** HOW TO COMPLETE THIS TASK **
For each entry, repeat the text exactly and omit any picture it holds.

Data excerpts
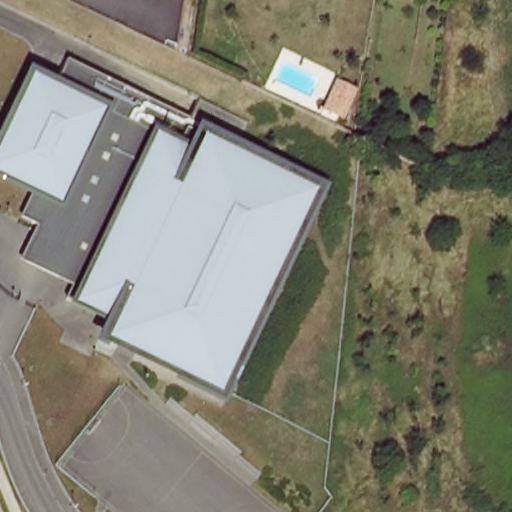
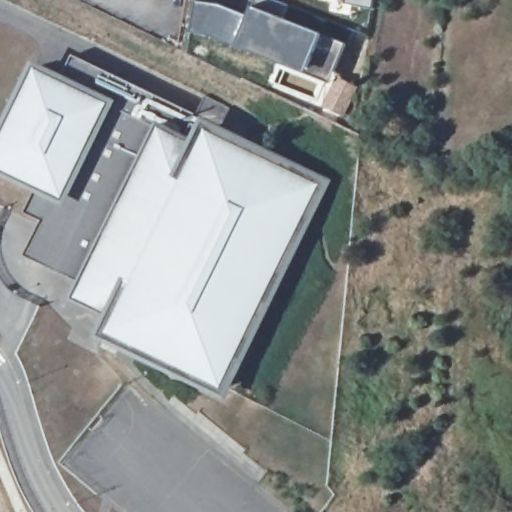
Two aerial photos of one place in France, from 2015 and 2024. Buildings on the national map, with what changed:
new [(196,0),(220,4),(246,14),(233,48),(190,35),(196,0)]
new [(246,14),(251,0),(277,0),(291,5),(286,19),(321,33),(303,77),(233,48),(246,14)]
new [(345,0),(372,0),(371,8),(344,3),(345,0)]
new [(345,117),(321,105),(329,86),(303,77),(321,33),(345,42),(333,74),(359,86),(345,117)]
unchanged [(246,168),(324,206),(284,289),(230,403),(227,409),(114,355),(122,338),(77,317),(85,301),(62,289),(61,288),(58,277),(46,281),(40,264),(43,263),(52,260),(47,247),(50,241),(34,233),(45,208),(0,187),(0,178),(42,92),(65,103),(77,76),(142,107),(200,135),(209,116),(259,140),(246,168)]

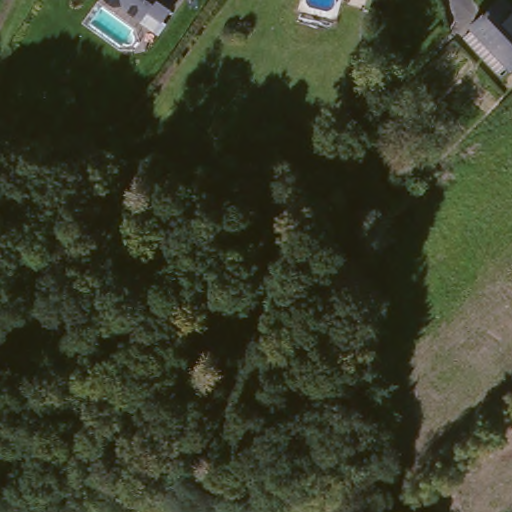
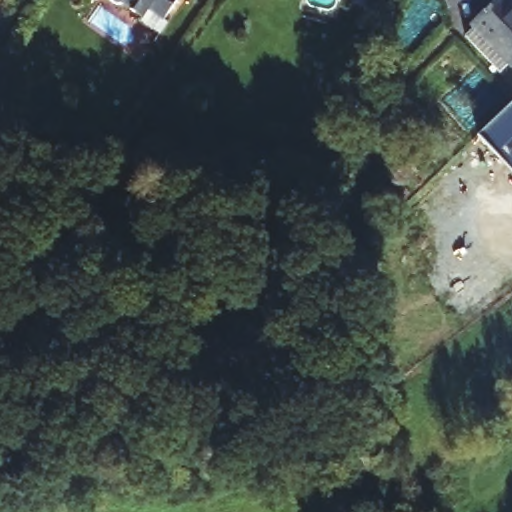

** ANSWER FOR THIS EXERCISE **
Two aerial photos of one place in France, from 2015 and 2024. Buildings on the national map, with what changed:
new [(196,0),(220,4),(246,14),(233,48),(190,35),(196,0)]
new [(246,14),(251,0),(277,0),(291,5),(286,19),(321,33),(303,77),(233,48),(246,14)]
new [(345,0),(372,0),(371,8),(344,3),(345,0)]
new [(345,117),(321,105),(329,86),(303,77),(321,33),(345,42),(333,74),(359,86),(345,117)]
unchanged [(246,168),(324,206),(284,289),(230,403),(227,409),(114,355),(122,338),(77,317),(85,301),(62,289),(61,288),(58,277),(46,281),(40,264),(43,263),(52,260),(47,247),(50,241),(34,233),(45,208),(0,187),(0,178),(42,92),(65,103),(77,76),(142,107),(200,135),(209,116),(259,140),(246,168)]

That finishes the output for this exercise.